I saw a fellow homeschooler’s FB post about their trip to La Mesa Nature Reserve and it seemed perfect for our first trip outside. It’s a protected area of around 2,000 hectares of forest cover and is the last remaining rainforest of its size in the metro. And of course, it houses the only major watershed in Metro Manila, the La Mesa Watershed, the source of potable water to the 12 million++ residents of Metro Manila.

Getting There

La Mesa Nature Reserve is located along Quirino Highway in Quezon City. It is easily navigable via Google Maps or Waze.

La Mesa Nature Reserve

Reservation and Fees

Reservation beforehand is required. To reserve, we sent a message to Gino Gutierrez at 0908-798-5698 the day before. Upon arrival at the site, we went to the front desk to pay for the entrance fee. It’s P1000 for a group of 5, or P200 per person. We were then assigned to Kuya Ronald, our guide for the morning. Yes, all tours, whether on foot or on bike, must be guided. This is so that no one gets lost and also to protect the rainforest from potential harm like smokers accidentally burning the forest.

The Trail

For the morning’s hike, it was suggested that we take the 6 km trail, which has a stopover at the Bangkalan Rest Station to see the reservoir. If the kids get tired along the way, we can always choose to take a shortcut back, Kuya Ronald said.

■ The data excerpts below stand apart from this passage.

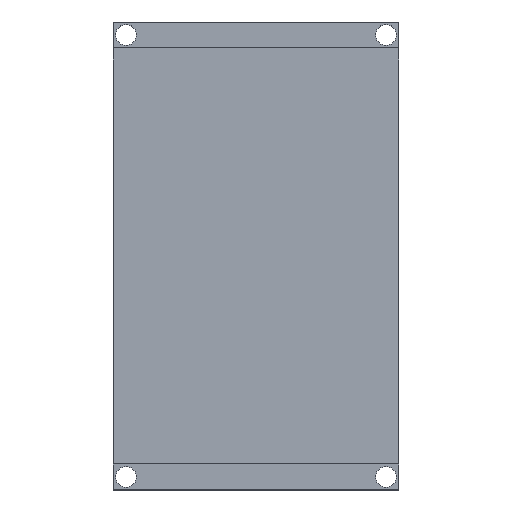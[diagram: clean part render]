
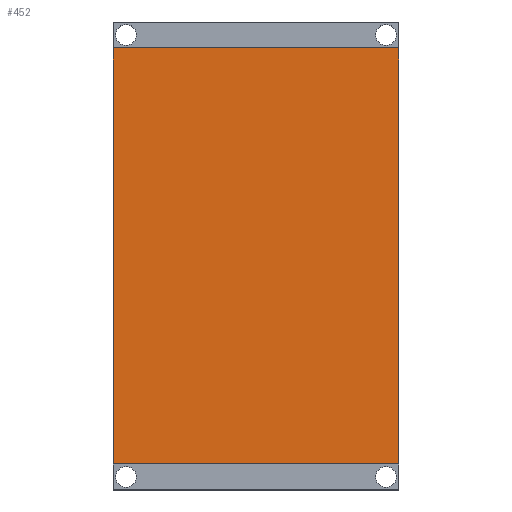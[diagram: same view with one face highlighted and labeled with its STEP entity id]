
A CAD part, top view. The second image highlights one B-rep face of the part: STEP entity #452.
In plain terms, the highlighted planar face has unit normal (0, 0, 1).
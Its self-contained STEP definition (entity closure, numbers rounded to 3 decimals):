
#38=PLANE('',#497);
#61=FACE_OUTER_BOUND('',#88,.T.);
#88=EDGE_LOOP('',(#384,#385,#386,#387));
#134=LINE('',#710,#186);
#138=LINE('',#719,#190);
#140=LINE('',#722,#192);
#141=LINE('',#723,#193);
#186=VECTOR('',#586,10.);
#190=VECTOR('',#592,10.);
#192=VECTOR('',#596,10.);
#193=VECTOR('',#597,10.);
#242=VERTEX_POINT('',#707);
#243=VERTEX_POINT('',#709);
#246=VERTEX_POINT('',#716);
#247=VERTEX_POINT('',#718);
#294=EDGE_CURVE('',#243,#242,#134,.T.);
#298=EDGE_CURVE('',#247,#246,#138,.T.);
#300=EDGE_CURVE('',#246,#243,#140,.T.);
#301=EDGE_CURVE('',#242,#247,#141,.T.);
#384=ORIENTED_EDGE('',*,*,#298,.T.);
#385=ORIENTED_EDGE('',*,*,#300,.T.);
#386=ORIENTED_EDGE('',*,*,#294,.T.);
#387=ORIENTED_EDGE('',*,*,#301,.T.);
#452=ADVANCED_FACE('',(#61),#38,.T.);
#497=AXIS2_PLACEMENT_3D('',#721,#594,#595);
#586=DIRECTION('',(-1.,0.,0.));
#592=DIRECTION('',(1.,0.,0.));
#594=DIRECTION('center_axis',(0.,0.,1.));
#595=DIRECTION('ref_axis',(1.,0.,0.));
#596=DIRECTION('',(0.,1.,0.));
#597=DIRECTION('',(0.,-1.,0.));
#707=CARTESIAN_POINT('',(0.,85.,5.));
#709=CARTESIAN_POINT('',(55.,85.,5.));
#710=CARTESIAN_POINT('',(0.,85.,5.));
#716=CARTESIAN_POINT('',(55.,5.,5.));
#718=CARTESIAN_POINT('',(0.,5.,5.));
#719=CARTESIAN_POINT('',(55.,5.,5.));
#721=CARTESIAN_POINT('Origin',(27.5,45.,5.));
#722=CARTESIAN_POINT('',(55.,85.,5.));
#723=CARTESIAN_POINT('',(0.,5.,5.));
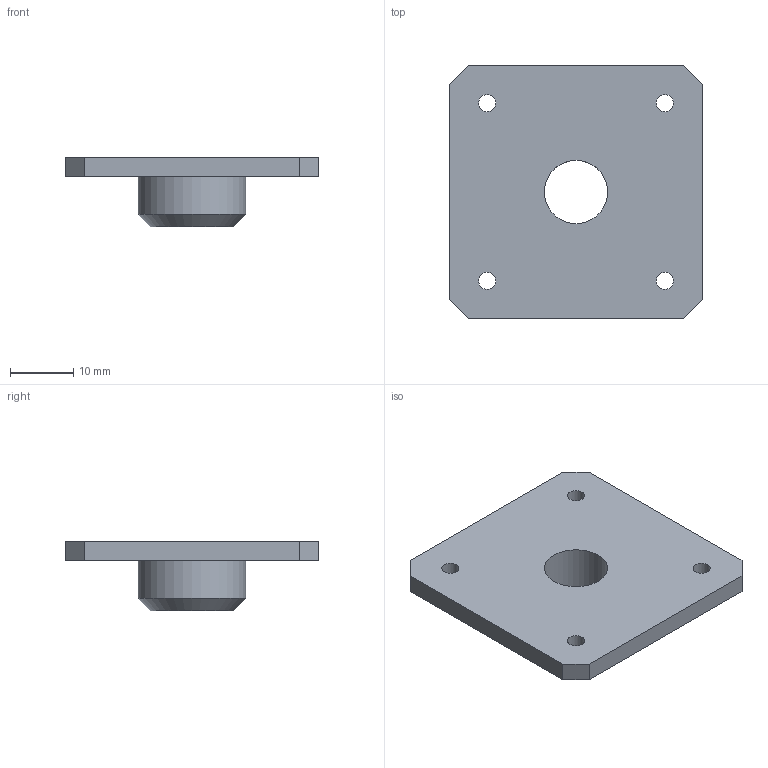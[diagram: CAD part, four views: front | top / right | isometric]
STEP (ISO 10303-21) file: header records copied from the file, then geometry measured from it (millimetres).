
FILE_DESCRIPTION(/* description */ (''),/* implementation_level */ '2;1');
FILE_NAME(/* name */ 'tappo_01.stp',/* time_stamp */ '2025-06-13T08:02:41+02:00',/* author */ ('R5800u'),/* organization */ (''),/* preprocessor_version */ 'ST-DEVELOPER v20',/* originating_system */ 'Autodesk Inventor 2025',/* authorisation */ '');
FILE_SCHEMA (('AUTOMOTIVE_DESIGN { 1 0 10303 214 3 1 1 }'));
Length unit declared in the file: millimetre
Products named in the file (1): tappo_01
Bounding box: 40 x 40 x 11 mm (x, y, z)
Volume: 5530.8 mm3; surface area: 4226.9 mm2
Topology: 1 solids, 1 shells, 18 faces, 44 edges, 30 vertices
Faces by surface type: plane 11, cylinder 6, cone 1
Full cylindrical faces by diameter (mm): 2.7 x4, 10 x1, 17 x1
Entity records: 607 total; most frequent: DIRECTION 95, CARTESIAN_POINT 93, ORIENTED_EDGE 88, EDGE_CURVE 44, AXIS2_PLACEMENT_3D 32, LINE 31, VECTOR 31, EDGE_LOOP 29
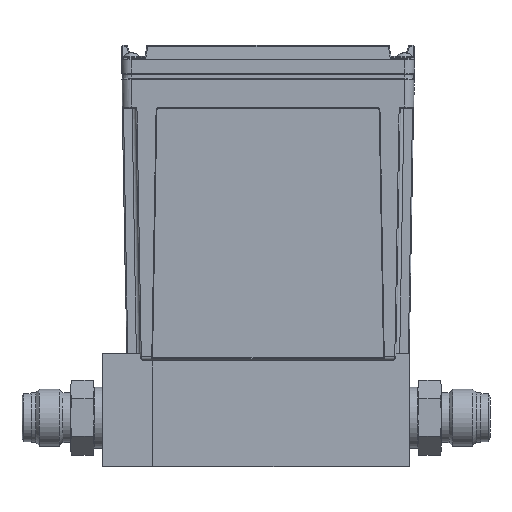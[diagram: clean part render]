
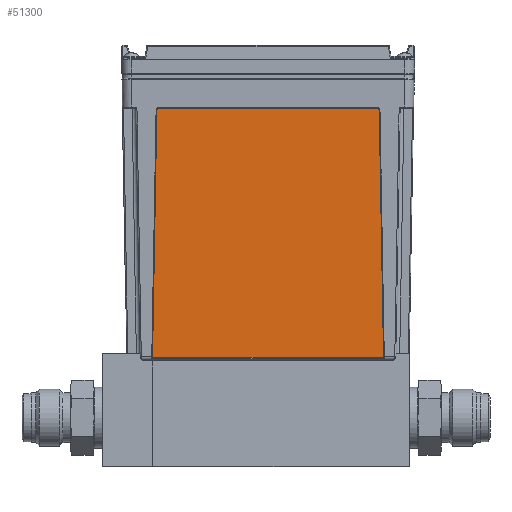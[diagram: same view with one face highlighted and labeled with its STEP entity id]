
A CAD part, top view. The second image highlights one B-rep face of the part: STEP entity #51300.
In plain terms, the highlighted planar face has unit normal (0, -0.018, 1).
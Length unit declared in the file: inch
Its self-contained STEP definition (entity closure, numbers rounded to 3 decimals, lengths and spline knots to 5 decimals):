
#314 = ORIENTED_EDGE ( 'NONE', *, *, #23321, .T. ) ;
#318 = ORIENTED_EDGE ( 'NONE', *, *, #23319, .T. ) ;
#320 = ORIENTED_EDGE ( 'NONE', *, *, #22918, .T. ) ;
#323 = ORIENTED_EDGE ( 'NONE', *, *, #23318, .T. ) ;
#327 = ORIENTED_EDGE ( 'NONE', *, *, #22920, .T. ) ;
#330 = ORIENTED_EDGE ( 'NONE', *, *, #22676, .T. ) ;
#334 = ORIENTED_EDGE ( 'NONE', *, *, #23048, .T. ) ;
#339 = ORIENTED_EDGE ( 'NONE', *, *, #23317, .T. ) ;
#2073 = CARTESIAN_POINT ( 'NONE',  ( -2.74315, 0.82953, 0.96338 ) ) ;
#2074 = DIRECTION ( 'NONE',  ( 0., -0.017, 1. ) ) ;
#2075 = DIRECTION ( 'NONE',  ( 1., 0., 0. ) ) ;
#2076 = CARTESIAN_POINT ( 'NONE',  ( -2.7635, 0.80953, 0.96303 ) ) ;
#2077 = DIRECTION ( 'NONE',  ( 1., 0., 0. ) ) ;
#2078 = CARTESIAN_POINT ( 'NONE',  ( 0.70385, 4.61895, 1.02953 ) ) ;
#2079 = DIRECTION ( 'NONE',  ( 0., -0.017, 1. ) ) ;
#2080 = DIRECTION ( 'NONE',  ( 1., 0., 0. ) ) ;
#2083 = CARTESIAN_POINT ( 'NONE',  ( 0.77015, 0.82953, 0.96338 ) ) ;
#2084 = DIRECTION ( 'NONE',  ( 0., -0.017, 1. ) ) ;
#2085 = DIRECTION ( 'NONE',  ( 1., 0., 0. ) ) ;
#16990 = CARTESIAN_POINT ( 'NONE',  ( 0.72384, 4.6193, 1.02953 ) ) ;
#16991 = CARTESIAN_POINT ( 'NONE',  ( -2.67685, 4.63895, 1.02987 ) ) ;
#17000 = CARTESIAN_POINT ( 'NONE',  ( -2.76314, 0.82988, 0.96339 ) ) ;
#17002 = CARTESIAN_POINT ( 'NONE',  ( 0.79014, 0.82988, 0.96339 ) ) ;
#17004 = CARTESIAN_POINT ( 'NONE',  ( -2.74315, 0.80953, 0.96303 ) ) ;
#17116 = CARTESIAN_POINT ( 'NONE',  ( 0.70385, 4.63895, 1.02987 ) ) ;
#17117 = CARTESIAN_POINT ( 'NONE',  ( -2.69684, 4.6193, 1.02953 ) ) ;
#17135 = CARTESIAN_POINT ( 'NONE',  ( 0.77015, 0.80953, 0.96303 ) ) ;
#21077 = EDGE_LOOP ( 'NONE', ( #314, #318, #320, #323, #327, #330, #334, #339 ) ) ;
#22676 = EDGE_CURVE ( 'NONE', #48399, #48500, #53496, .T. ) ;
#22918 = EDGE_CURVE ( 'NONE', #48407, #48398, #53870, .T. ) ;
#22920 = EDGE_CURVE ( 'NONE', #48499, #48399, #53873, .T. ) ;
#23048 = EDGE_CURVE ( 'NONE', #48500, #48406, #54026, .T. ) ;
#23317 = EDGE_CURVE ( 'NONE', #48406, #48408, #54334, .T. ) ;
#23318 = EDGE_CURVE ( 'NONE', #48398, #48499, #54336, .T. ) ;
#23319 = EDGE_CURVE ( 'NONE', #48514, #48407, #54337, .T. ) ;
#23321 = EDGE_CURVE ( 'NONE', #48408, #48514, #54338, .T. ) ;
#32113 = AXIS2_PLACEMENT_3D ( 'NONE', #42946, #42947, #42948 ) ;
#37411 = AXIS2_PLACEMENT_3D ( 'NONE', #47076, #47077, #47078 ) ;
#42925 = PLANE ( 'NONE',  #32113 ) ;
#42946 = CARTESIAN_POINT ( 'NONE',  ( -0.9865, 4.63895, 1.02987 ) ) ;
#42947 = DIRECTION ( 'NONE',  ( 0., -0.017, 1. ) ) ;
#42948 = DIRECTION ( 'NONE',  ( 1., 0., 0. ) ) ;
#43427 = FACE_OUTER_BOUND ( 'NONE', #21077, .T. ) ;
#47076 = CARTESIAN_POINT ( 'NONE',  ( -2.67685, 4.61895, 1.02953 ) ) ;
#47077 = DIRECTION ( 'NONE',  ( 0., -0.017, 1. ) ) ;
#47078 = DIRECTION ( 'NONE',  ( 1., 0., 0. ) ) ;
#48398 = VERTEX_POINT ( 'NONE', #16990 ) ;
#48399 = VERTEX_POINT ( 'NONE', #16991 ) ;
#48406 = VERTEX_POINT ( 'NONE', #17000 ) ;
#48407 = VERTEX_POINT ( 'NONE', #17002 ) ;
#48408 = VERTEX_POINT ( 'NONE', #17004 ) ;
#48499 = VERTEX_POINT ( 'NONE', #17116 ) ;
#48500 = VERTEX_POINT ( 'NONE', #17117 ) ;
#48514 = VERTEX_POINT ( 'NONE', #17135 ) ;
#51300 = ADVANCED_FACE ( 'NONE', ( #43427 ), #42925, .T. ) ;
#53496 = CIRCLE ( 'NONE', #37411, 0.02 ) ;
#53870 = LINE ( 'NONE', #55501, #53872 ) ;
#53872 = VECTOR ( 'NONE', #55533, 39.37008 ) ;
#53873 = LINE ( 'NONE', #55540, #53875 ) ;
#53875 = VECTOR ( 'NONE', #55541, 39.37008 ) ;
#54026 = LINE ( 'NONE', #56723, #54031 ) ;
#54031 = VECTOR ( 'NONE', #56724, 39.37008 ) ;
#54334 = CIRCLE ( 'NONE', #57256, 0.02 ) ;
#54336 = CIRCLE ( 'NONE', #57257, 0.02 ) ;
#54337 = CIRCLE ( 'NONE', #57258, 0.02 ) ;
#54338 = LINE ( 'NONE', #2076, #54340 ) ;
#54340 = VECTOR ( 'NONE', #2077, 39.37008 ) ;
#55501 = CARTESIAN_POINT ( 'NONE',  ( 0.7905, 0.80953, 0.96303 ) ) ;
#55533 = DIRECTION ( 'NONE',  ( -0.017, 1., 0.017 ) ) ;
#55540 = CARTESIAN_POINT ( 'NONE',  ( 0.7235, 4.63895, 1.02987 ) ) ;
#55541 = DIRECTION ( 'NONE',  ( -1., 0., 0. ) ) ;
#56723 = CARTESIAN_POINT ( 'NONE',  ( -2.6965, 4.63895, 1.02987 ) ) ;
#56724 = DIRECTION ( 'NONE',  ( -0.017, -1., -0.017 ) ) ;
#57256 = AXIS2_PLACEMENT_3D ( 'NONE', #2073, #2074, #2075 ) ;
#57257 = AXIS2_PLACEMENT_3D ( 'NONE', #2078, #2079, #2080 ) ;
#57258 = AXIS2_PLACEMENT_3D ( 'NONE', #2083, #2084, #2085 ) ;
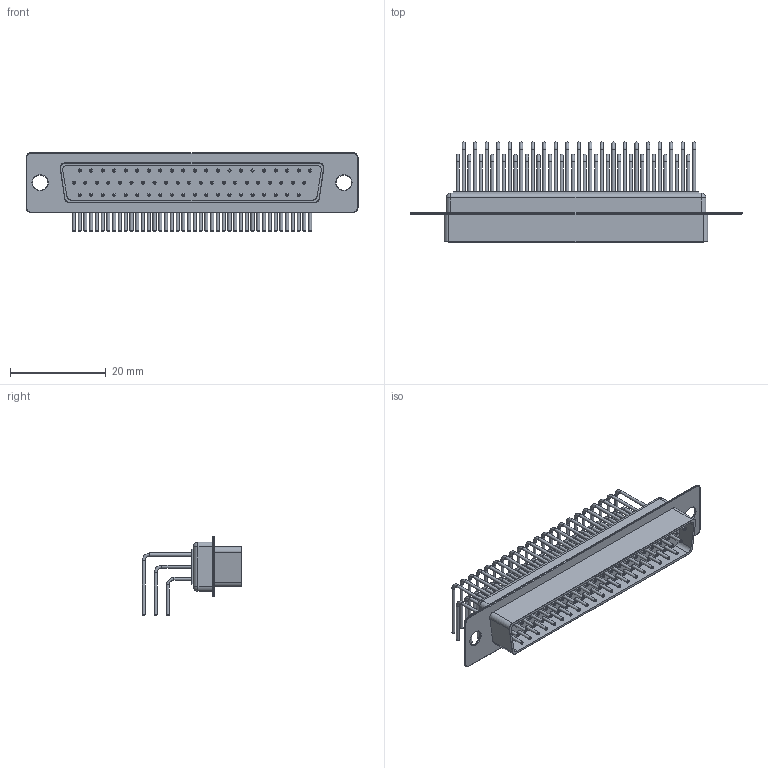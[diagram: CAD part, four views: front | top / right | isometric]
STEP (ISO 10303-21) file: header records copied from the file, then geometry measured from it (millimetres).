
FILE_DESCRIPTION(/* description */ ('model of DSUB-62-HD_Male_Horizontal_P2.41x2.54mm_EdgePinOffset9.40mm'),/* implementation_level */ '2;1');
FILE_NAME(/* name */ 'DSUB-62-HD_Male_Horizontal_P2.41x2.54mm_EdgePinOffset9.40mm.step',/* time_stamp */ '2020-01-10T17:59:33',/* author */ ('kicad StepUp','ksu'),/* organization */ ('FreeCAD'),/* preprocessor_version */ 'OCC',/* originating_system */ 'kicad StepUp',/* authorisation */ '');
FILE_SCHEMA(('AUTOMOTIVE_DESIGN { 1 0 10303 214 1 1 1 1 }'));
Length unit declared in the file: millimetre
Products named in the file (1): DSUB-62-HD_Male_Horizontal_P2.41x2.54mm_EdgePinOffset9.40mm
Bounding box: 69.4 x 20.9 x 16.4 mm (x, y, z)
Volume: 4208.8 mm3; surface area: 6653.3 mm2
Topology: 1 solids, 2 shells, 648 faces, 1264 edges, 744 vertices
Faces by surface type: cylinder 282, torus 198, plane 156, cone 4, sphere 4, revolution 4
Full cylindrical faces by diameter (mm): 0.64 x248, 3.2 x2
Entity records: 21884 total; most frequent: DIRECTION 3448, CARTESIAN_POINT 3084, ORIENTED_EDGE 2520, AXIS2_PLACEMENT_3D 1543, EDGE_CURVE 1260, FACE_BOUND 904, EDGE_LOOP 904, CIRCLE 898

La Mesa Nature Reserve Trail Map

Off We Go!

We were the only ones on foot. All the other visitors were bikers. Hikers and bikers share the same trail so if there are bikers, we’d have to step aside to let them pass.

La Mesa Nature Reserve
Bikers at La Mesa Nature Reserve

What’s There to See?

Truth be told, the trail does not hold any animal magic (as zoos/farms do) to keep little kids interested. We can hear the sweet songs of birds while walking but didn’t see any. There were monkeys and snakes deep inside the forest but none were visible from the trail. The guide also shared that in his previous tours, kids would often cry midway along the trail, disinterested and tired. Gulp! I wondered how the kids will fare for 6 km!

That’s Interesting!

Well, I’m so happy to report that all three were such troopers! They enjoyed every minute of the hike, with no sign of boredom or tiredness!

La Mesa Nature Reserve

Here are some of the interesting things that we saw.

La Mesa Nature Reserve
Fallen Trees
La Mesa Nature Reserve
Colorful Berries and Giant Leaves
La Mesa Nature Reserve
Wooden Bridges – Always interesting!
La Mesa Nature Reserve
Ant Hill and Logs
La Mesa Nature Reserve
Interesting fruits and leaves
La Mesa Nature Reserve
Fungi
La Mesa Nature Reserve
Uprooted tree
La Mesa Nature Reserve
Logs, logs, logs
La Mesa Nature Reserve
Secret Garden feels!
La Mesa Nature Reserve
Lots of Bamboo!

The Reservoir

After walking about 3 km, we reached the Bangkalan Rest Station.

La Mesa Nature Reserve

And there it is, the La Mesa Water Watershed. As per the guide, it is as deep as the height of a grown tree. Large fishes like pla-pla swim in it. At the bottom are pipes leading to the waterworks and sewerage system.

La Mesa Nature Reserve
La Mesa Nature Reserve
La Mesa Nature Reserve
La Mesa Nature Reserve
Beware of the ants!
La Mesa Nature Reserve
Panoramic View of the Reservoir

The Rest of the Way

The rest of the way is another 3 km. Somewhere towards the end, the trail forks off. The Kawayanan trail is for those taking the 13 km way.

La Mesa Nature Reserve
La Mesa Nature Reserve
More bridge fun!
La Mesa Nature Reserve
Mission Accomplished!

Watch Tower

After 2 hours of hiking, everyone seems to still have the energy afterwards so we went on to climb the watch tower at the trail entrance. It has 3 sets of metal stairs that are pretty scary to climb up and down on. There’s Cheese conquering his fear of heights.

La Mesa Nature Reserve
Cheese slowly but surely climbing up the scary staircase

Hooray! Everyone made it! Also at the top is a radio repeater.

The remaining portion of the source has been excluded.